Gli scacchi di Kaufmann esposti al Museo del Novecento di Milano assumono un determinata conformazione che all’occasione si reinventa nel dialogo con gli altri, nel gioco casuale e in quello meditato e astuto: «La guerra, che il gioco degli scacchi senza dubbio rappresenta, si comincia a mostrare allora sotto un aspetto differente, poiché ciascun elemento possiede non soltanto le sue caratteristiche funzionali ma anche una propria unicità, una propria identità data dal colore» scrive Massimo Kaufmann nel catalogo della mostra.
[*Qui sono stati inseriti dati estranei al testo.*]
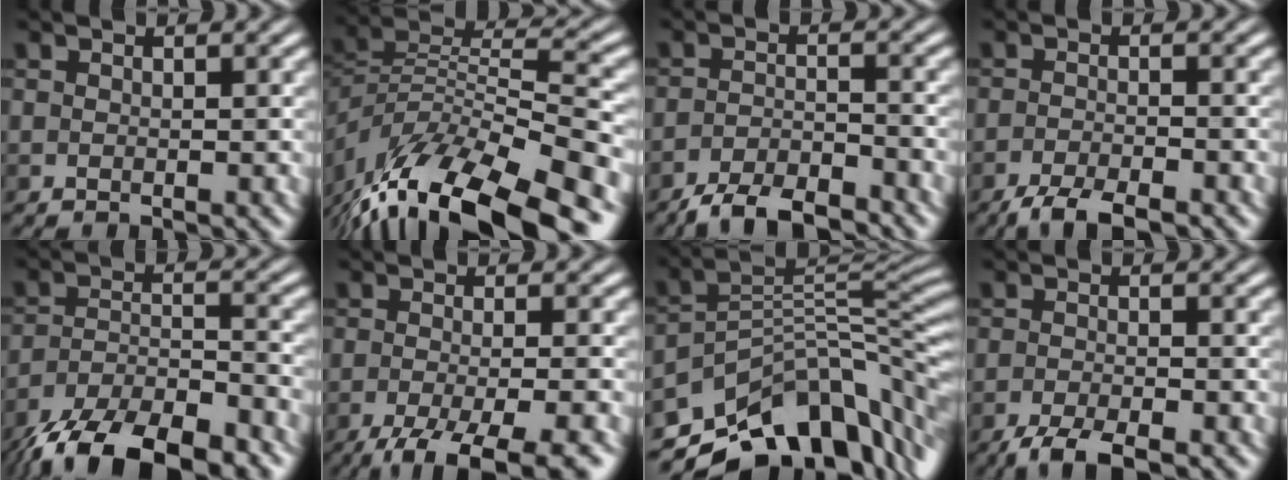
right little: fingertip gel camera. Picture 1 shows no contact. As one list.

Alla guerra ci portano gli scacchi policromatici di Kaufmann, ma anche l’appello sottoscritto dalle scacchiste e dagli scacchisti russi, tra i quali il grande Maestro Internazionale Nepomniachtchi: «Ci opponiamo alle azioni militari sul territorio dell’Ucraina e chiediamo un cessate il fuoco tempestivo e una soluzione pacifica del conflitto attraverso il dialogo e i negoziati diplomatici… Gli scacchi insegnano le responsabilità delle azioni; ogni passo conta e un errore può portare a un punto di non ritorno. E se si è sempre trattato di sport, ora è in gioco la vita delle persone, i diritti e le libertà fondamentali, la dignità umana, il presente e il futuro dei nostri Paesi». Mobilitiamoci per la pace e per dare scacco al re.